Output the data in full. Keep every word exact and exclude the pictures.
── Stored data
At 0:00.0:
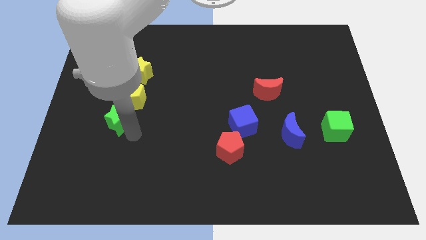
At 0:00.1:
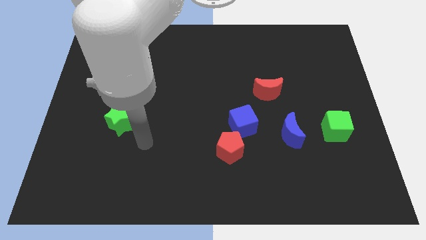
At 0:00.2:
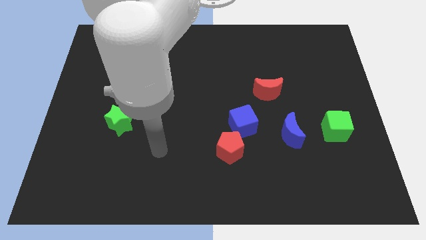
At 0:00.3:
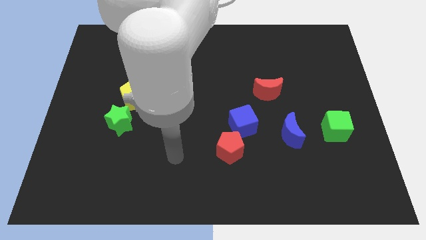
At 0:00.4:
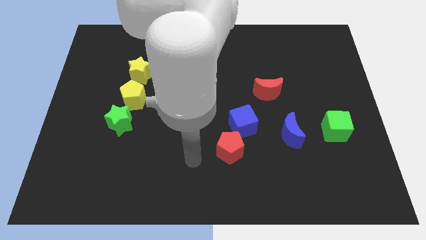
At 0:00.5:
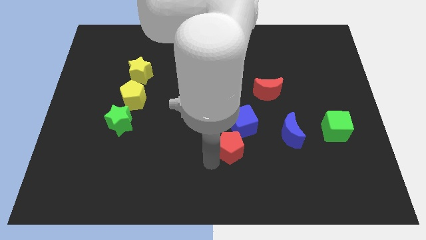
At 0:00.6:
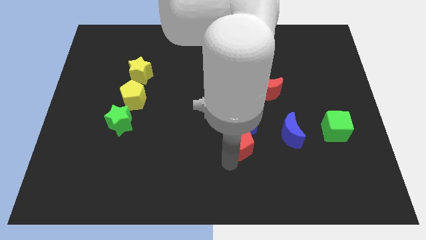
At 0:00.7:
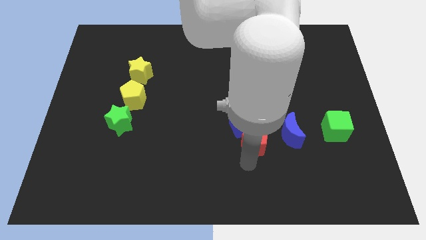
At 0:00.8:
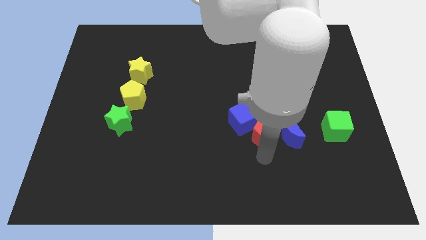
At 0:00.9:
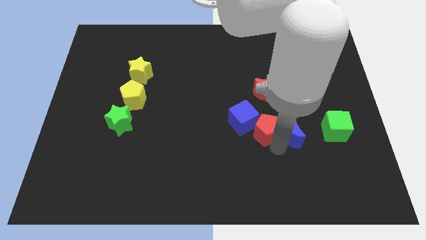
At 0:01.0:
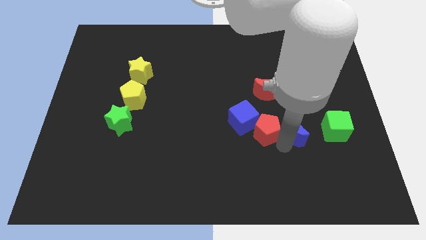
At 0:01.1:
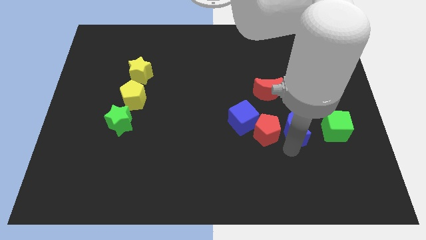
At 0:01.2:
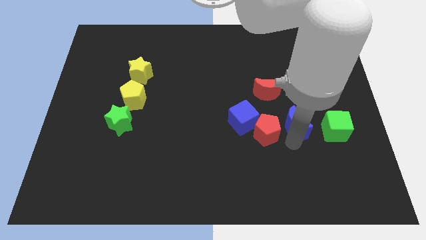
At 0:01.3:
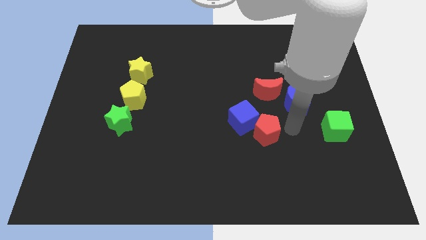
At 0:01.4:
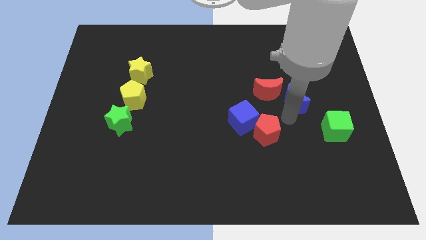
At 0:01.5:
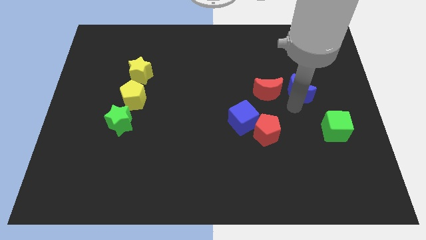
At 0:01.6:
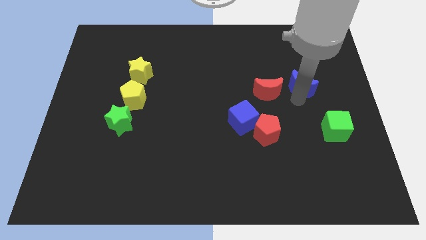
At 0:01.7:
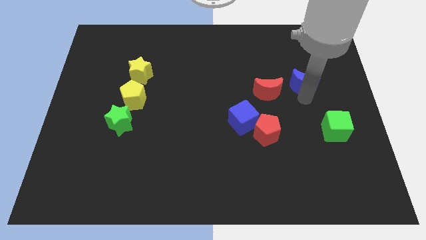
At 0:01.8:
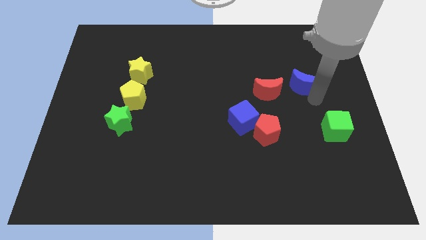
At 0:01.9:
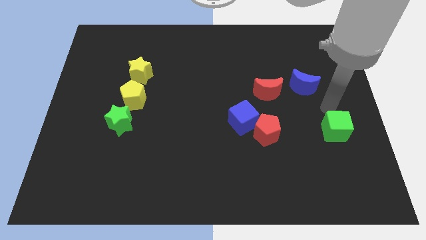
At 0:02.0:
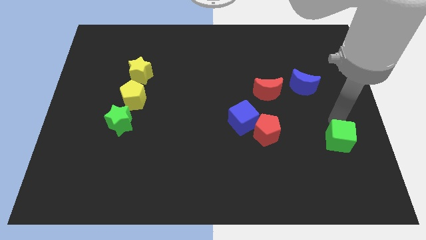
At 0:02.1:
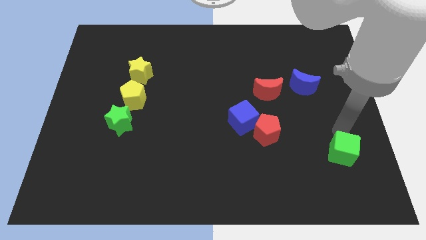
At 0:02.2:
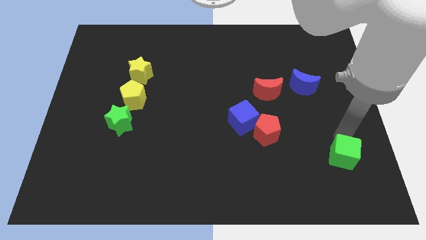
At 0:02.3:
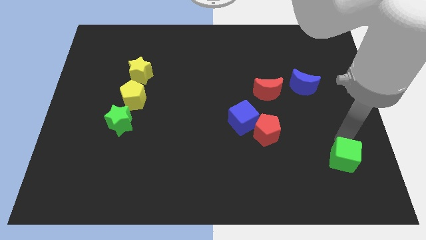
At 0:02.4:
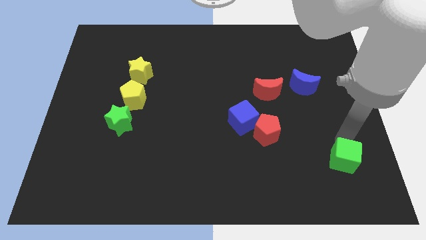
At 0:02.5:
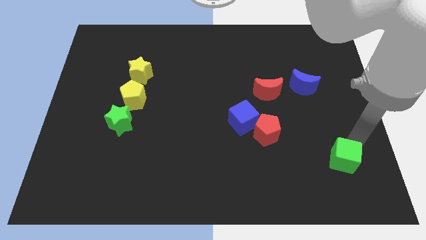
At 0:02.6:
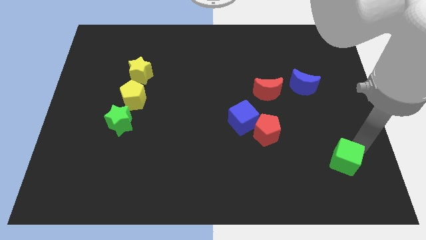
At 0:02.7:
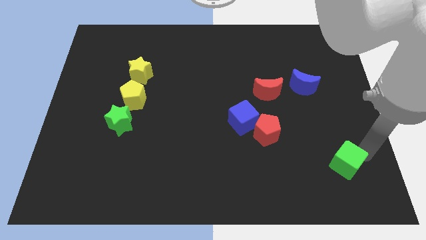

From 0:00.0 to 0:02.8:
────
• _Answer for the task_
At 0:00.0:
At 0:00.1:
At 0:00.2:
At 0:00.3:
At 0:00.4:
At 0:00.5:
At 0:00.6:
At 0:00.7:
At 0:00.8:
At 0:00.9:
At 0:01.0:
At 0:01.1:
At 0:01.2:
At 0:01.3:
At 0:01.4:
At 0:01.5:
At 0:01.6:
At 0:01.7:
At 0:01.8:
At 0:01.9:
At 0:02.0:
At 0:02.1:
At 0:02.2:
At 0:02.3:
At 0:02.4:
At 0:02.5:
At 0:02.6:
At 0:02.7:

From 0:00.0 to 0:02.8:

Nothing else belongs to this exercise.